|

Access
control
Above all in companies, information is often only
approved for distribution in a restricted manner. A search
system must avoid providing unauthorised users with knowledge
of or even access to secret information through a “back
door”.

Boolean
retrieval
The so-called Boolean Operators (AND, OR, NOT) will
be used to explicitly define relationships between individual
search expressions.

Clustering
Certain document collections contain a large number
of documents that are only marginally different from other
documents. These are often different versions of the same
documents or revisions/corrections of one document. These
will be grouped together and be presented to the user in a
more compact form.

Concept sensors
Concept sensors permit the formulation of very complex relationships
that require the integration of extensive rules. With their
help, it is possible to detect cases that only arise through
certain correct combinations of several factors.
Conversion - Document formats
Documents in all standard Office formats (Word, Excel, PowerPoint,
Lotus, WordPerfect etc.) and the major presentation formats
(HTML, XML, SGML, Postscript and PDF) will be converted in
such a way that they can be read into an Information Retrieval
System.
Conversion - Character Coding
Different coding systems for textual information (ASCII, ANSI/Windows,
ISO Latin, KOI8 Cyrillic, etc.) are converted into a suitable
internal format so that they can be processed by an information
retrieval system.
Coordination Level Matching
The ranking list will be sub-divided into individual sections,
which will be arranged according to the number of search terms
found.
Cross-language retrieval
In today’s work of globalisation and multi-national
organisations and companies, it is becoming increasingly common
to index document collections that contain objects in many
different languages. It must be possible to efficiently access
such collections using only a single query formulated in the
language preferred by the user.

Decompounding
Some languages, such as German, permit the formation
of complex expressions by joining a number of simple words
together without any intermediate spaces. Composite words
of this kind can often be written in a phrasal form, however,
or are frequently only partially referenced in a query. It
is therefore important to break them down into their constituent
parts.

Duplicate elimination
Certain document collections contain redundant information
- and, in particular, many documents that often appear in
exactly the same, or almost identical forms.
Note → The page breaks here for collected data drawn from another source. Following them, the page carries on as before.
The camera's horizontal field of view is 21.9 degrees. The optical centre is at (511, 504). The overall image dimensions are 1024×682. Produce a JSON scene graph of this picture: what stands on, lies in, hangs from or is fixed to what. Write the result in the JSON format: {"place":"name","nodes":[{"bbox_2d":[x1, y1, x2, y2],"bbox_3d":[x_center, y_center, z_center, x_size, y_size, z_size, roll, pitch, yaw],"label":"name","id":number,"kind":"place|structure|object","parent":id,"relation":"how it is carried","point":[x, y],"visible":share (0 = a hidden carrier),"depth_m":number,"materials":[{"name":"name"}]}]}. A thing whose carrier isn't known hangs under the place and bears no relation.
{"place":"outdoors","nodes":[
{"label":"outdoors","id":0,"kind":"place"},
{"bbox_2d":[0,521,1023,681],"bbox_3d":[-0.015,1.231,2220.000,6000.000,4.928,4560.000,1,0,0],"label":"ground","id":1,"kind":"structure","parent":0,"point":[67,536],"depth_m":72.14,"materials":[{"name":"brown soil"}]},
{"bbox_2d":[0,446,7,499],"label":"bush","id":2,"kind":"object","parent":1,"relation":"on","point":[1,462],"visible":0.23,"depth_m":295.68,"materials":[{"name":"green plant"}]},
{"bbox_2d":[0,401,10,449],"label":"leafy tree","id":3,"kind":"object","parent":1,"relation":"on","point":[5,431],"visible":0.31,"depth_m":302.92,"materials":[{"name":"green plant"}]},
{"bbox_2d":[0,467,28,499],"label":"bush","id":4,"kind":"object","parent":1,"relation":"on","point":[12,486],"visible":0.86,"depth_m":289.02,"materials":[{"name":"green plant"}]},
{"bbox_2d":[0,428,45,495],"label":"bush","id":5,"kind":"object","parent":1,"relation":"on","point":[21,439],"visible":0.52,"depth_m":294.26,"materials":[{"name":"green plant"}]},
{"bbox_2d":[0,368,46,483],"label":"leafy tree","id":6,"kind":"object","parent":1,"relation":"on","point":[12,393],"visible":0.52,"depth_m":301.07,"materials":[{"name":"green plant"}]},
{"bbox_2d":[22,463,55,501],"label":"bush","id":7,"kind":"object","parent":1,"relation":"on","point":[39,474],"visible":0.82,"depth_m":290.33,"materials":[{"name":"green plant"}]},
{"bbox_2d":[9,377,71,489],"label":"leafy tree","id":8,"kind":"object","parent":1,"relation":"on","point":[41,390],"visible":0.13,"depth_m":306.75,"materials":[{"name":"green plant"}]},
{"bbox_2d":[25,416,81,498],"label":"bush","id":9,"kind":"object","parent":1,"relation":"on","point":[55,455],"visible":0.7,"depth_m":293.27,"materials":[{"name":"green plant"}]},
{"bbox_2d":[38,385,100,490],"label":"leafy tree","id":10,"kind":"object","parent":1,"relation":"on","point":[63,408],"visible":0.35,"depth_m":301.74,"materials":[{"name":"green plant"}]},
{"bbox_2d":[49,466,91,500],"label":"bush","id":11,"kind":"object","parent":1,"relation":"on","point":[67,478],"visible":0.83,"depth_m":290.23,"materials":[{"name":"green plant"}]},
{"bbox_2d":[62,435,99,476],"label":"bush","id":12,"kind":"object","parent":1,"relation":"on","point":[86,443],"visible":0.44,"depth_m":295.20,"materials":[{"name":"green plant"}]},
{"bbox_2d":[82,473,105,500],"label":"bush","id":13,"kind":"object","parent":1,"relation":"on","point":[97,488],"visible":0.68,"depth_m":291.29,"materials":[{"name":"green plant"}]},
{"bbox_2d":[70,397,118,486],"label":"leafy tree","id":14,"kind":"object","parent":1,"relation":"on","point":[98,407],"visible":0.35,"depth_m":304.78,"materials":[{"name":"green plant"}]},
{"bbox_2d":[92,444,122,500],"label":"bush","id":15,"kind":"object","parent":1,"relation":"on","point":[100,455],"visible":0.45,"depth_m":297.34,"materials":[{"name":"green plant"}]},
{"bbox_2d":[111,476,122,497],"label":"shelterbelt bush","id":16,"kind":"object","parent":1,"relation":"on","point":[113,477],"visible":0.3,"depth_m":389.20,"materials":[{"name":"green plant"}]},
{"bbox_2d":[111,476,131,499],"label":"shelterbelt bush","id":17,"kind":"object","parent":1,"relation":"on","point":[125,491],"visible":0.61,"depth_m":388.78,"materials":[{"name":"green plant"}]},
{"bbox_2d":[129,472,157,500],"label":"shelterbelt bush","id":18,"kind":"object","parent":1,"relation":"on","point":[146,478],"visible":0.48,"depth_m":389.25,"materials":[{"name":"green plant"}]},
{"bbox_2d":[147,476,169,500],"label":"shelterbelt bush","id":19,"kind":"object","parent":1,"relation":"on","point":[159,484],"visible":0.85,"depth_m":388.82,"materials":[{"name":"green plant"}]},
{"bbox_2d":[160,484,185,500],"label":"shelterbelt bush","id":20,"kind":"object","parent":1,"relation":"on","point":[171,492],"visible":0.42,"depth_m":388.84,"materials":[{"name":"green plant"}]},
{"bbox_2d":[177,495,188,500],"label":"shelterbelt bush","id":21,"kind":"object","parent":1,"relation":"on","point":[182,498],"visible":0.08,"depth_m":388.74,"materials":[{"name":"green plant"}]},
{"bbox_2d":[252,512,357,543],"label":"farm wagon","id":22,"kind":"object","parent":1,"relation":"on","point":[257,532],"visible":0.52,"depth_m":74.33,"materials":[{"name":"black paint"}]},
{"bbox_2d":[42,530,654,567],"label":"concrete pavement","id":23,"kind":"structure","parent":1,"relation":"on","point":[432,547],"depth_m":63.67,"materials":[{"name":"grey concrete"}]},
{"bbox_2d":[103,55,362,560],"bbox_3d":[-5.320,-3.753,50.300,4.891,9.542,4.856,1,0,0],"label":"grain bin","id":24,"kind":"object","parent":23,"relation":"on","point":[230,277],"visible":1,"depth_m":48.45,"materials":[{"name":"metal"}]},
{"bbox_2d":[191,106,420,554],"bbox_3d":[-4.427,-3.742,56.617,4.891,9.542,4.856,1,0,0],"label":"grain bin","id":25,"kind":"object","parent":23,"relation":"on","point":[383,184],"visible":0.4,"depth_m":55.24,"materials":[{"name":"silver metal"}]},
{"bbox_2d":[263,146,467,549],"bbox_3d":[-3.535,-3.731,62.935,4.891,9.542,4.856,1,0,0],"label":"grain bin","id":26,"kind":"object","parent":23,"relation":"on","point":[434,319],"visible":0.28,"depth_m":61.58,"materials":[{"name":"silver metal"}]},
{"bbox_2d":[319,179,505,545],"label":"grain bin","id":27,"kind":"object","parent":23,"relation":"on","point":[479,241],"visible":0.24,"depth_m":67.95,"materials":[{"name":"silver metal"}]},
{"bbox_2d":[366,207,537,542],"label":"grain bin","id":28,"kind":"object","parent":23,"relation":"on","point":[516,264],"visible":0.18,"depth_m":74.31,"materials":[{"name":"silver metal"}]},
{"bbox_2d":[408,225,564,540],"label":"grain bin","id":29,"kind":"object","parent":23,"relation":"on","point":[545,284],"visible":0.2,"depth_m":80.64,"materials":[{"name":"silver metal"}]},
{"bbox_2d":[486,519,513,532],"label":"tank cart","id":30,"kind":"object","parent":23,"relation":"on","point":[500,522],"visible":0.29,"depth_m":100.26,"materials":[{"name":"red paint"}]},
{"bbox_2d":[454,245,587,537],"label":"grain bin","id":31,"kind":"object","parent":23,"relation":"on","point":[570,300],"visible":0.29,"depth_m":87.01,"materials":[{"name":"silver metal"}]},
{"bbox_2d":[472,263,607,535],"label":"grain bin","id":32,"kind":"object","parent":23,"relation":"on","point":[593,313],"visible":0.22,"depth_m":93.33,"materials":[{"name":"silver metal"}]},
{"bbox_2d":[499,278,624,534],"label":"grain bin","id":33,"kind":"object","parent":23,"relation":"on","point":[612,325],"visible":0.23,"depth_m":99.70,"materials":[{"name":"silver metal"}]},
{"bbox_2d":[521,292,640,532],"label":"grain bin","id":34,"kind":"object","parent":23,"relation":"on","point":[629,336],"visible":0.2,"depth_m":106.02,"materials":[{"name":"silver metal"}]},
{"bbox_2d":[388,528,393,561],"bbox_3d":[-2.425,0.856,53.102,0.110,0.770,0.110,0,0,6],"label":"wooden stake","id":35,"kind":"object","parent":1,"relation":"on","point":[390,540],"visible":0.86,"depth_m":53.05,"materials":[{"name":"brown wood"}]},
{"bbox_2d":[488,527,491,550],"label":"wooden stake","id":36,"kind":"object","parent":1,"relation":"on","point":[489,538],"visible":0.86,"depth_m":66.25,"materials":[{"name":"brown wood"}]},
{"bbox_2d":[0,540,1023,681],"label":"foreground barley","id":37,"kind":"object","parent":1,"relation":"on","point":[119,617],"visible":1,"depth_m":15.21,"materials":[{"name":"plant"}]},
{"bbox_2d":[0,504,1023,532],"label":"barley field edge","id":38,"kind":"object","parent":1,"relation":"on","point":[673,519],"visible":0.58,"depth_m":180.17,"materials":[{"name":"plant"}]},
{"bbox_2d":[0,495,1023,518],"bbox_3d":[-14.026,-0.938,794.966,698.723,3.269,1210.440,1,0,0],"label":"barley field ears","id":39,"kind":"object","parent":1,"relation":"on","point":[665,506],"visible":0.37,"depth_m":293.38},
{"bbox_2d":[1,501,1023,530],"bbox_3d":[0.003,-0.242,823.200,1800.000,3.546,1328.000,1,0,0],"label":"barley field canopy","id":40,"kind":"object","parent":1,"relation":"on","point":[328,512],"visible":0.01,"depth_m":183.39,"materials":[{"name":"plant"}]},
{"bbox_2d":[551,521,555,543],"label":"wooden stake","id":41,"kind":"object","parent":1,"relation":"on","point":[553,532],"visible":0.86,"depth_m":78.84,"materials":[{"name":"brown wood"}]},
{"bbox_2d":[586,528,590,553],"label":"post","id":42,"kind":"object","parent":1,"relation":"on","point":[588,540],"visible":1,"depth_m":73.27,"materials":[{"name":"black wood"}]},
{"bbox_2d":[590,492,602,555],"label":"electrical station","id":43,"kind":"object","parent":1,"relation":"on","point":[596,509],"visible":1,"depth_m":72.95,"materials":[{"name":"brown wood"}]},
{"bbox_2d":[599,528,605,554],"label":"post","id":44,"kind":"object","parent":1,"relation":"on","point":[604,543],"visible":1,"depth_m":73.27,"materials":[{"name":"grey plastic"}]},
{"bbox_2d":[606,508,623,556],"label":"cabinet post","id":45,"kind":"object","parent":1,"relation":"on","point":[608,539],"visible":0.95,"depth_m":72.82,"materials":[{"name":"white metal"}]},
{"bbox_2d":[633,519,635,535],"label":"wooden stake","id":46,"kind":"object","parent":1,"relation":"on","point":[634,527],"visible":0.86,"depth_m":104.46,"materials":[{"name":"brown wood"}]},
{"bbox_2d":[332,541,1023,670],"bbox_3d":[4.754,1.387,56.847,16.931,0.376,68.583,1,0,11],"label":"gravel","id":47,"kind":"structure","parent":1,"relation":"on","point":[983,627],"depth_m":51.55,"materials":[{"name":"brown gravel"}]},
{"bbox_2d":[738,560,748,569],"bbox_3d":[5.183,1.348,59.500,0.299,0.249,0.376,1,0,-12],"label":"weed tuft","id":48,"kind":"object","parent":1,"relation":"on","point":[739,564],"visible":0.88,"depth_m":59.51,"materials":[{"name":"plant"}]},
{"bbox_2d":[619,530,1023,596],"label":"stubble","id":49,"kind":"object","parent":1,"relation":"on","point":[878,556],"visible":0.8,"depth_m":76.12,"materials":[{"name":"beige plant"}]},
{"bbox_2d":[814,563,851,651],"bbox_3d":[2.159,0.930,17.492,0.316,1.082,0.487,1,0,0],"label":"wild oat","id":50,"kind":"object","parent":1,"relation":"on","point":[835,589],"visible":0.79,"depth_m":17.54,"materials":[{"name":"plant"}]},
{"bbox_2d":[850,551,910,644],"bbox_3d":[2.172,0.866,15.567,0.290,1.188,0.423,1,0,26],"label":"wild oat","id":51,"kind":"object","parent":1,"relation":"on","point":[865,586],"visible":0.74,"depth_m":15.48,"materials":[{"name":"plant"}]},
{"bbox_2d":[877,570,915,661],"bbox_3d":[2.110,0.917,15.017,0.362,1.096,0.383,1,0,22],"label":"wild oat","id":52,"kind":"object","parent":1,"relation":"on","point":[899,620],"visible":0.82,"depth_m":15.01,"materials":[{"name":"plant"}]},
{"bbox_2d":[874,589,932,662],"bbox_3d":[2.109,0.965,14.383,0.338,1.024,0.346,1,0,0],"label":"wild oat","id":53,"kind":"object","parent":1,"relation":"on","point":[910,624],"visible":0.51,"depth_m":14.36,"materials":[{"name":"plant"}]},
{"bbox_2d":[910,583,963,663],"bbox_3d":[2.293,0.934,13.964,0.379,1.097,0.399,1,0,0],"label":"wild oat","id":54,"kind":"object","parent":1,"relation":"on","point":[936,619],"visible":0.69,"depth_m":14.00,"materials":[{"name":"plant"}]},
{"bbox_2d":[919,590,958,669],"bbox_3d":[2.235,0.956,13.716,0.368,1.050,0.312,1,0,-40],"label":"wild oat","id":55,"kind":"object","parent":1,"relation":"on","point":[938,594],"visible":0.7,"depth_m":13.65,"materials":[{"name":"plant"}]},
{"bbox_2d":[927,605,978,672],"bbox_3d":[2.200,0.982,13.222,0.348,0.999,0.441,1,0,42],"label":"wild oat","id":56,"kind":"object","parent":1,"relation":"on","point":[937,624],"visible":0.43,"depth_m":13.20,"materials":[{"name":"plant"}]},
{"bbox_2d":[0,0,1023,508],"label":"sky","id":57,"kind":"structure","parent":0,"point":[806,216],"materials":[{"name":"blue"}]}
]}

These duplicates
are grouped together and are displayed to the user in a more
compact form.

Entity
recognition
In many cases, background knowledge is necessary in
order to make optimal use of information. Entity recognition
identifies words as names (of persons, companies, localities)
and thereby makes it possible to place them in connection
with additional information.

Fuzzy matching
Fuzzy Matching enables robust retrieval of relevant information, especially
in the case of typing errors and alternative spellings. Fuzzy Matching
generates relevant matches independent of whether the query or the document
contains the misspellings or alternative transcriptions and
transliterations.

Language
detection
Stemming and decompounding are usually dependent on the language.
If a system has to process documents in different languages,
it is necessary that it must first detect the language for
each document.

Meta
data
Even when they are only partly structured, many documents
contain Meta data that can considerably facilitate access
(date, author, etc.).

N-Gram
Indexing by words is suitable when a system should
process documents with few or no typing or grammatical errors
and if the documents have been translated in a language that
is known to the system (necessary for stemming/ decompounding).
If this is not the case, the system can break down words into
smaller units ("N-Gram"), which makes error-tolerant
comparison possible.

Noun phrase extraction
A combination of several words can often have a more
specific meaning than the sum of its individual components.
Phrases, i.e., expressions involving several words, are recognised
and are processed as a unit.

Parsing
documents
The document is scanned to identify those parts that
contain information to be indexed. Other text parts (certain
formatting codes, etc.) will be ignored.

Passage retrieval
In longer documents or information streams, it is
often the case that only short sections are relevant for the
answer to a search query. In order to deliver a good search
result, the system must be able to identify and correctly
weight such sections.

Probabilistic
Ranking lists will be sorted on the basis of estimates of
the probability that an object is relevant. There are sophisticated
formulae for the calculation of the probabilities.

Query extension
It is often difficult for the user to determine the terminology
with which a searched fact will be expressed in the available
objects. Automatic query expansion extends search queries
by the terms used, and thereby helps to achieve more comprehensive
search results.

Rule-based
Information objects are organised with the help of
a number of rules, so that they can then be presented in a
ranking list. This procedure enables a simple adaptation to
customer-specific ranking wishes.

Relevancy feedback
The user can check search results for their relevance,
whereby the system automatically refines the query further
and supplies better search results.

Statistical
text categorisation
It is increasingly becoming the task of an Information
Retrieval System to not only search through large quantities
of search expressions, but to automatically fit documents
into a hierarchy of categories that have been defined by complex
criteria. Statistical procedures solve this problem on the
basis of training examples.

Stemming
In natural spoken language, expressions are used in
various word forms, depending on their use in the grammatical
constructions. In order to ensure that as much relevant information
as possible is found, words have to be normalised so that
words that are not given in exactly the same form will still
be returned as hits after matching with search terms.

Stop word elimination
Certain very frequent words (articles, prepositions,
etc.) are eliminated. These words do not help in distinguishing
relevant from non-relevant information. As a result of the
elimination, the size of the index is also reduced and the
search is accelerated.

Structured documents
Structure in documents is detected and evaluated in
order to later allow specific access to information in certain
fields only.

Sub-collections
Information can be divided into sub-collections, and
in particular information from different sources. As a result,
a user can then specifically enable/disable individual areas
of the document collection in and out, and can focus his search
on individual areas.

Word
segmentation
The individual words are taken from the document or
the information stream. In doing this, punctuation marks and
spaces, among other things, are removed.

|